The batch is split between GPUs.

To get the benefit of multiple GPUs, you would want to up the batchsize (i.e. if you are training BS 64 on 1 GPU, you'd want to train BS 128 on 2 GPUs).


Re: how does multi GPU training work

Posted: Wed Jul 29, 2020 5:23 am
by ericpan0513

So, if I run the training with batchsize=64 in one GPU, then if I have 4 same GPUs I should increase batchsize to 256,right?
But I found that the maximum of batchsize setting is only up to 256, means that even if I got like 5 or 10 GPUs on one single machine, I still can not improve the speed(?) more than it did on 4 GPUs?
Hope you can answer, thanks!


Re: how does multi GPU training work

Posted: Wed Jul 29, 2020 10:58 pm
by bryanlyon

You can manually enter any number, the slider only stops there since it's a "normal" limit. If you need 512 you can enter 512, but remember that models stop learning details at very high batch sizes.

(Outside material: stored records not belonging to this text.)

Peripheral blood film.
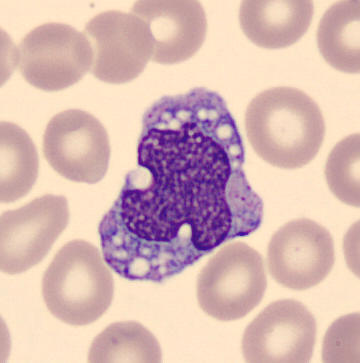 Q: What is the morphological classification of this cell?
A: Monocyte.
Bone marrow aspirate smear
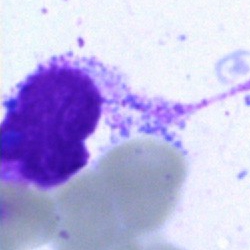Cell type = artefact.
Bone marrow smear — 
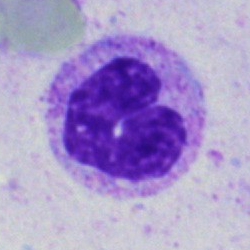

The classification is neutrophil (band).
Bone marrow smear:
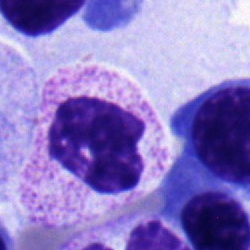

Neutrophil (segmented).
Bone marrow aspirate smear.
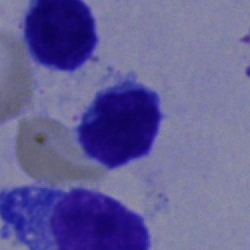 Showing a typical lymphocyte.
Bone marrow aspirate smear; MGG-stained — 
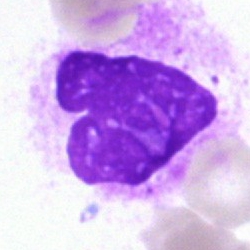 {"cell_type": "artifact"}
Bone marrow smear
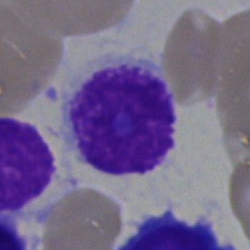Specimen: bone marrow smear.
Classification: artefact.
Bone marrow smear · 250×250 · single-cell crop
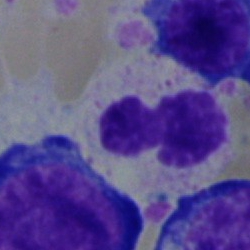Q: What is the morphological classification of this cell?
A: This is an erythroblast.
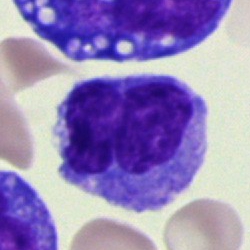Impression — monocyte.

Re: how does multi GPU training work

Posted: Thu Jul 30, 2020 6:44 am
by ericpan0513

OK I see, thank you !
I thought that multiple GPUs is like if I use batchsize=256 on 4 GPUs, then the detail might be the same as batchsize=64 on 1GPU, so this is wrong, right?
If it's wrong, why is this happening? Don't models split in different parts and all using a batchsize of 64?(4GPUs Bs=256)


Re: how does multi GPU training work

Posted: Thu Jul 30, 2020 4:19 pm
by bryanlyon

Training uses two paths, one forward and one backward. Forward gets split to all GPUs, but the backward pass happens once with all the batches at once. As you increase the batch size, it's faster since it uses more images per backward pass, but it also becomes more noisy as the gradients interfere with each other. Splitting to multiple GPUs doesn't solve this interference issue.

Too small of batch sizes also have their problems. This is why we normally recommend batch sizes between 8 and 128.